The sound of his full name rocked him back, and she grabbed his shoulders and shook him. “You’re more a man than Walt Masters ever was. I made sure of that, raising you right. That’s all you need to know.”
She was breathing harshly, like Cousin Alice with emphysema. “Mama, if you were unhappy with Daddy and found someone else to—”
Her open palm crashed against his jaw. “How dare you!”
His chest turned to stone. “He’s not my daddy, Mama. Tell me who is.”
Those eyes—so similar to his own—turned hard. He remembered this woman. She was the one he remembered from childhood, the one who’d shouted at her “clumsy” husband who came home from the bar reeking of cigarette smoke and took a six-pack of beer to his green Barcalounger, ratcheting up the TV volume to blasting for his evening game shows.
“You would condemn me?” Brimstone was smoking in her eyes now. “After everything I’ve done for you?”
He felt his chest split open from the pain. “I would never condemn you, Mama. Never.” He would have to make sense of her choices and the woman he’d thought he knew later. “I only want the truth. Who is my real daddy?”
She laughed, harsh as a window shattering from an errant baseball. “No.”
/>
He blinked. “No? Mama, please. You owe me the truth.”
“I owe you nothing. You owe me, boy.”
He stared at her as her harsh tone crashed over him.
“Beau, I told you nothing good would come of this new album.” She stormed to the edge of the room. “Roots! There’s nothing but heartache and pain there. Look around you. Do you see this house and all we’ve built? Your career? You walk down the street, and people admire you for the man you are. This is what happens when you keep looking forward. The past will swallow you up whole. I won’t let you do that, Beau. I’ve worked too hard to get you where you are.”
“Mama, I’ve worked plenty hard myself.”
Her hand sliced through the air. “You will stop this nonsense right this minute and find a more decent topic for your album. And you’ll tell that Merriam woman you won’t be doing her French perfume. Her proposal was a bad influence. I shouldn’t have let you talk me into not being there. I see that now. Beau, I won’t have this roots nonsense continuing. You heed your mama. I’ve always known what’s best, haven’t I?”
His jaw tightened. “I’m not sixteen anymore, Mama. Maybe I need to take a more active role in the business side.”

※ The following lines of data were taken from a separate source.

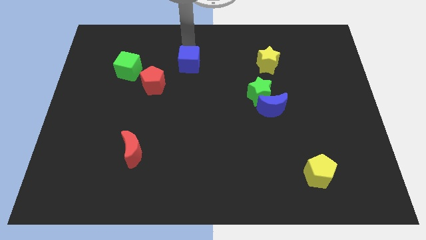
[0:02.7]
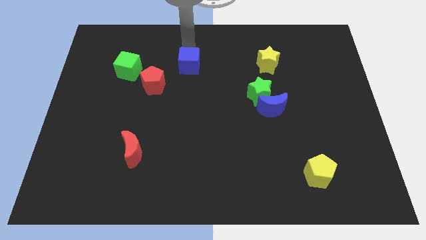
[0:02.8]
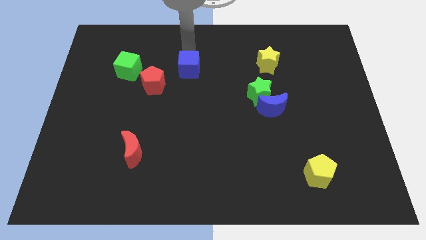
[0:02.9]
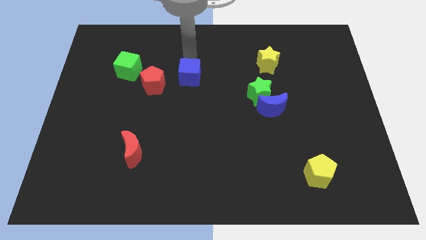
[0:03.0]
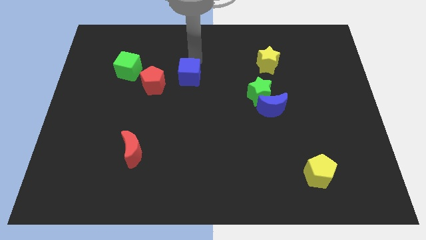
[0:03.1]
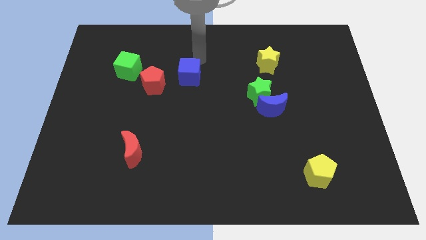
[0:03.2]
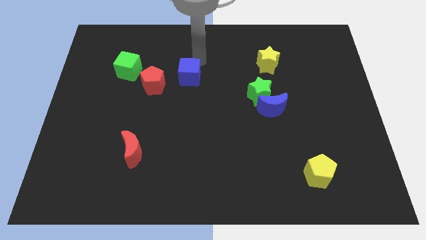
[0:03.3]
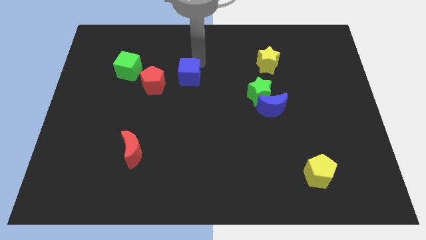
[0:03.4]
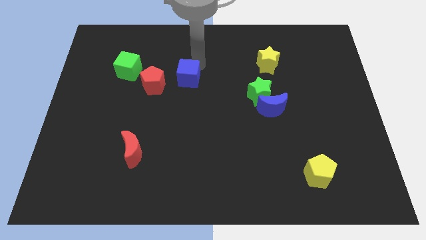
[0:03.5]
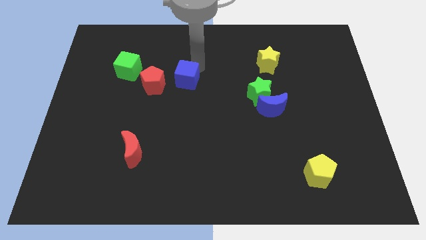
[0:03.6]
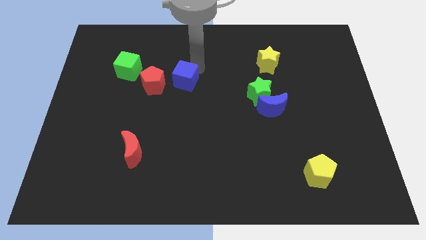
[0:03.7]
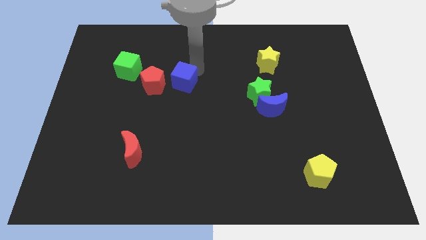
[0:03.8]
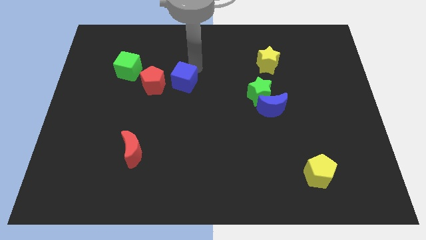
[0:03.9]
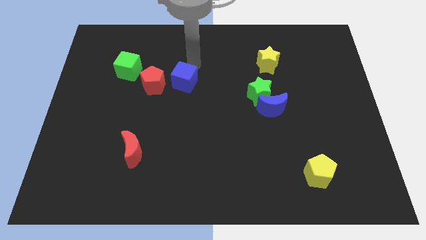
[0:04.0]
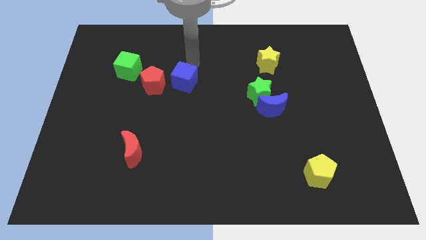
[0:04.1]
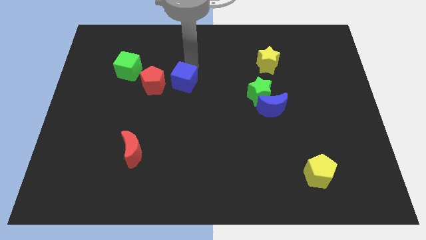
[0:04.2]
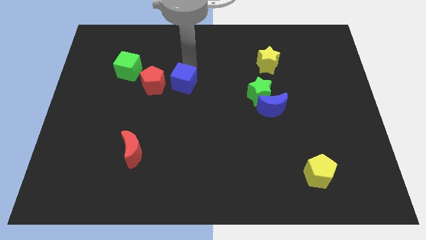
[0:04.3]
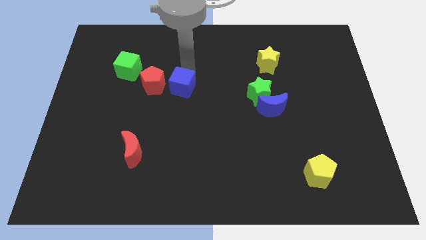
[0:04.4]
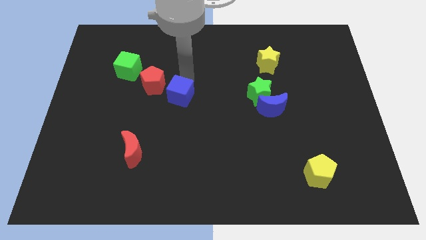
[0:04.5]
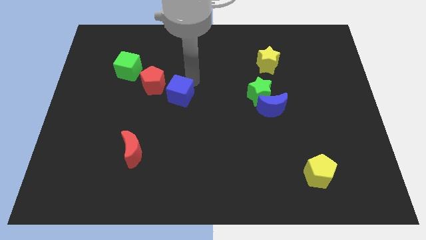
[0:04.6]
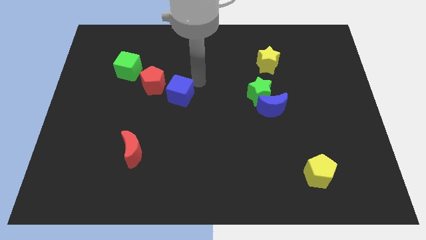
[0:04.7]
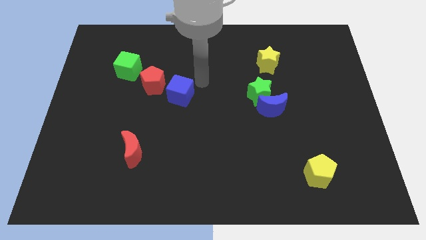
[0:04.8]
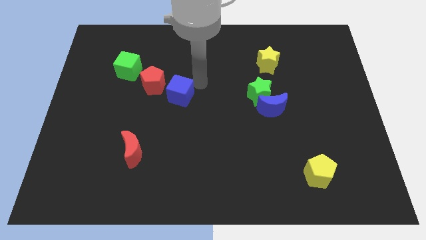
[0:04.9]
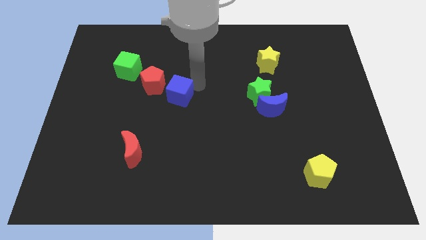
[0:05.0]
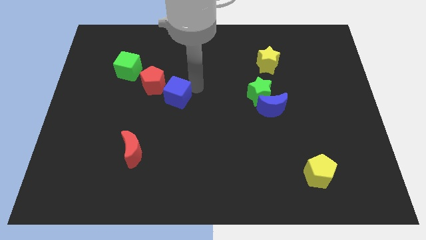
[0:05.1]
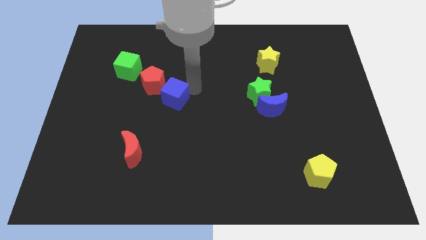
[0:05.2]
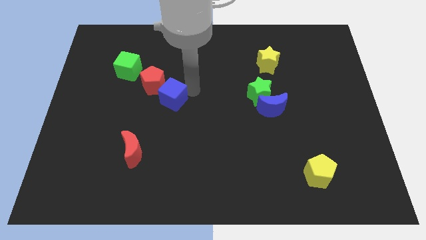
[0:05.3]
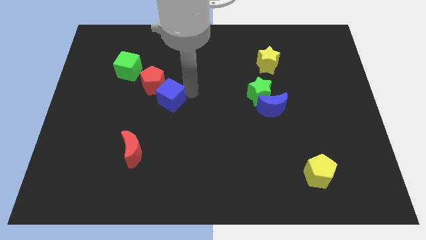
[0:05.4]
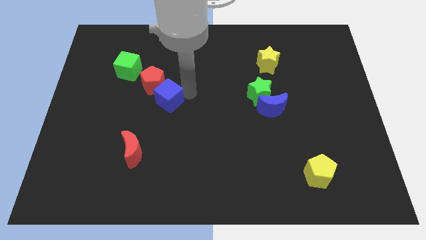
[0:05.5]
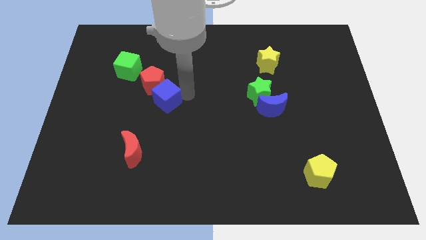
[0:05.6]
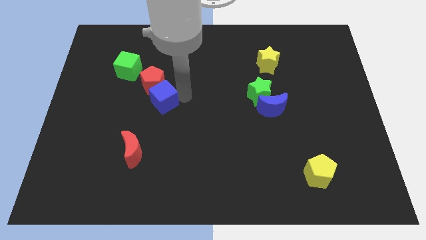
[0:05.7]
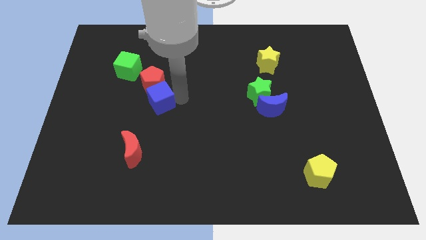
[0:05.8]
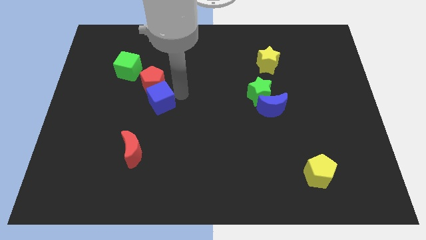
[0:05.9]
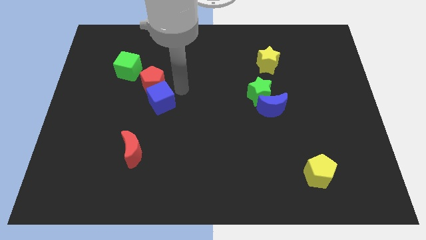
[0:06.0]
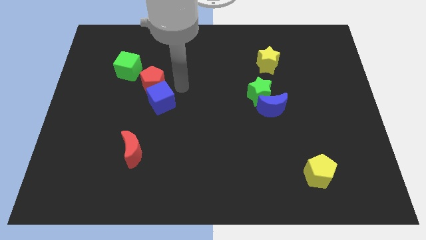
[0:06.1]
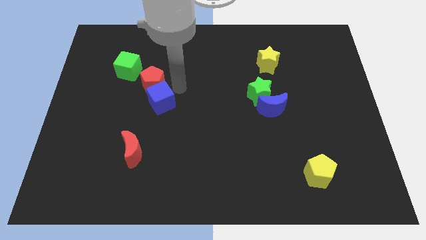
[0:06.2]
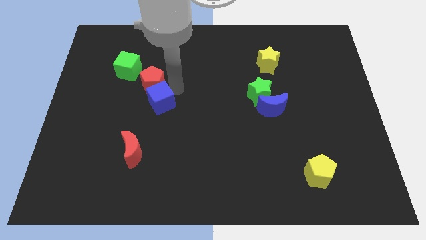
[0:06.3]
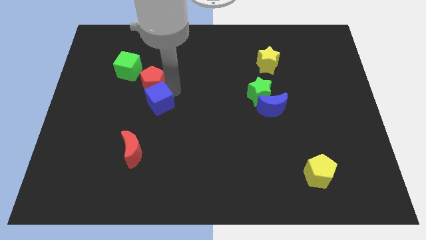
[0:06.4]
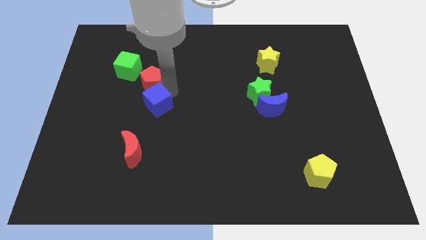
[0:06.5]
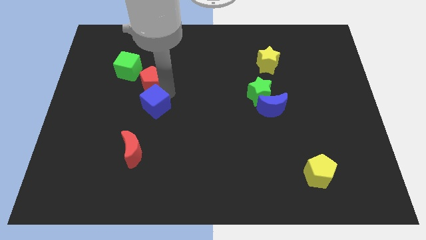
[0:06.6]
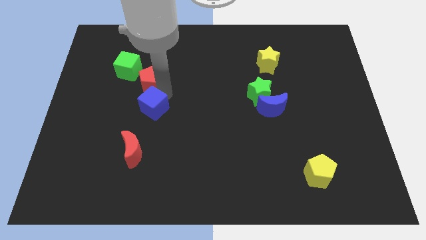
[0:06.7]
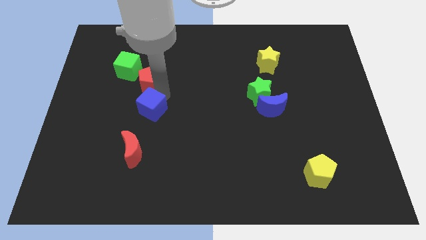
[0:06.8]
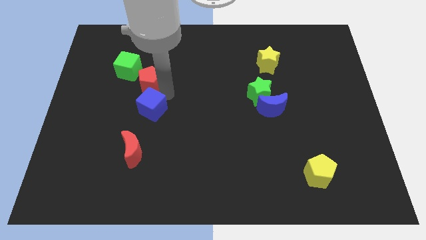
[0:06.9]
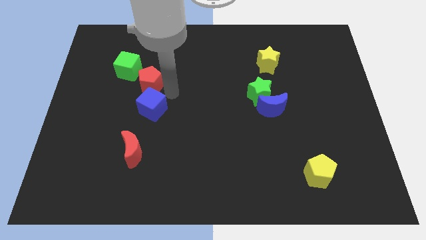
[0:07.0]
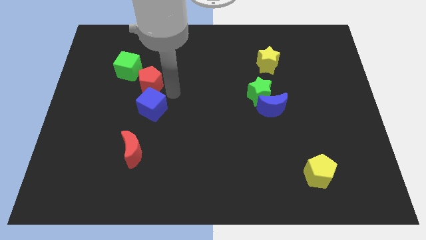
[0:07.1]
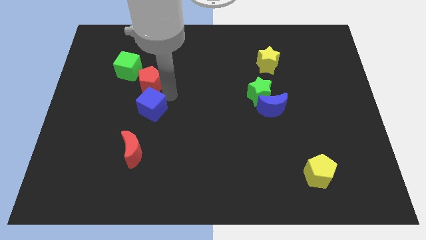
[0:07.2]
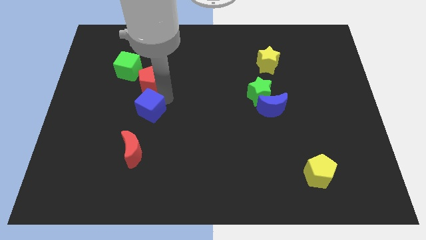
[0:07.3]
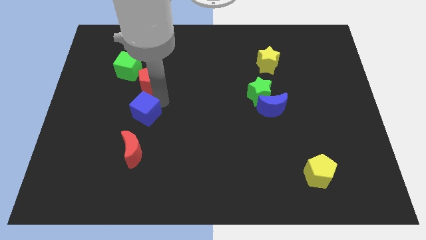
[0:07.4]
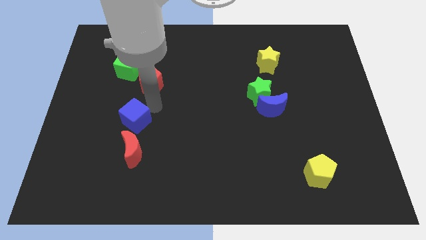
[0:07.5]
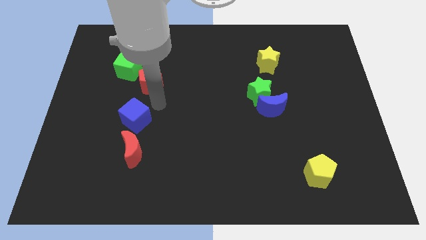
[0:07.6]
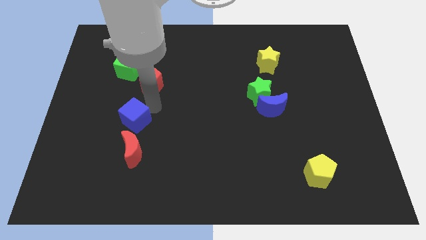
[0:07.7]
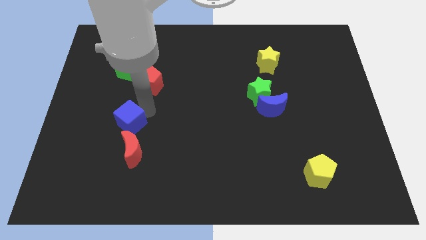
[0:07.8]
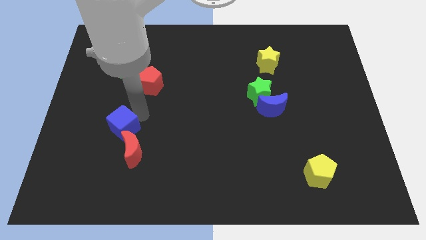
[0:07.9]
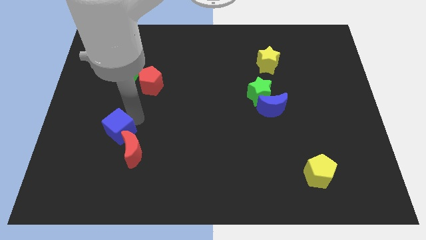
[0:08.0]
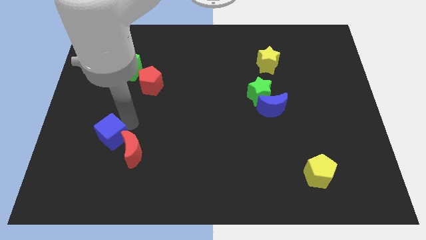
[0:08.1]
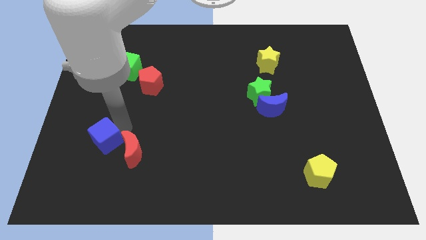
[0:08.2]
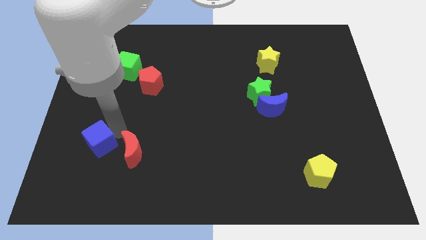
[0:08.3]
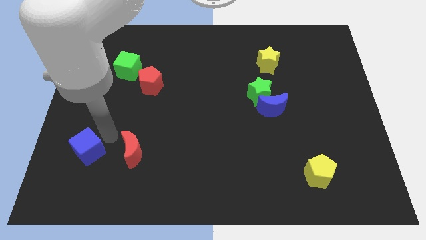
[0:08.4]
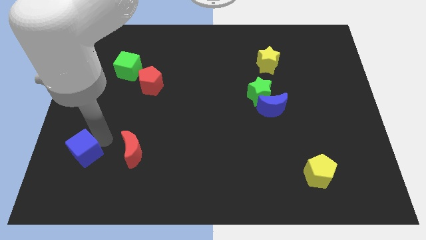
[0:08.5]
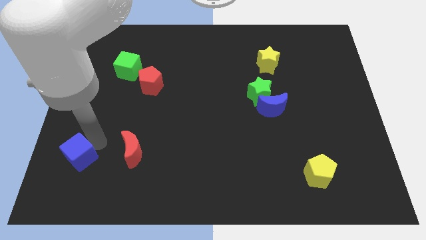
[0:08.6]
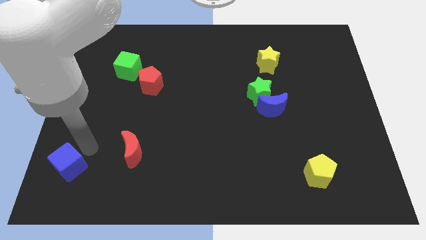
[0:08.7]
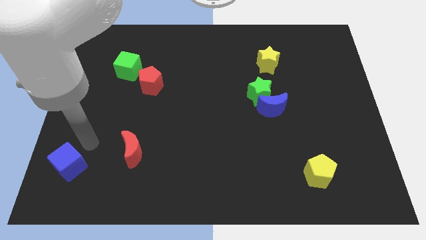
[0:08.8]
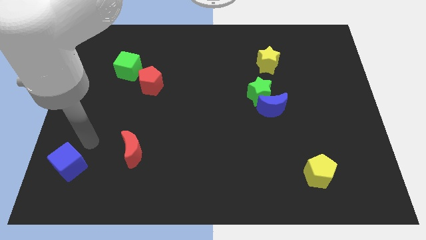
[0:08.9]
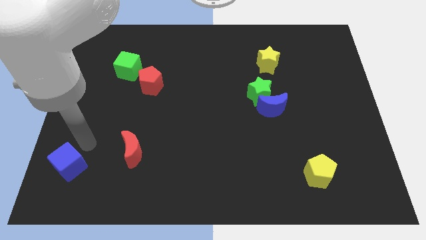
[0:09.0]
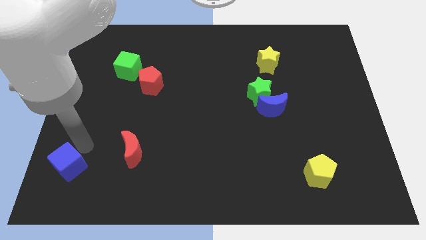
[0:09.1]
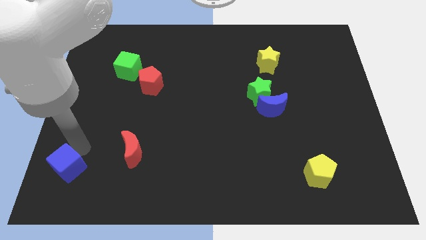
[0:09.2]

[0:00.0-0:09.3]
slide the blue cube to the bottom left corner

“But you hate that part, and it’s my forte,” she continued, picking up her phone. She kept talking to him as she placed a call. “I have the perfect product in mind, honey. It’s more in keeping with your nice-guy image. And if you want to do a cologne, a new proposal just came in—”
“Put the phone down, Mama.”
“Yes, hello, this is Mary Ellen Walker, Beau Masters’ mama and manager. Well, aren’t you a sweetheart to say so. Yes, I talked to Beau about your offer, and we’d like to—”
He grabbed the phone out of her hand and clicked off the call.
She faced him down with fisted hands at her sides, eyes blazing.
“How dare you interrupt my call like that! I raised you better.”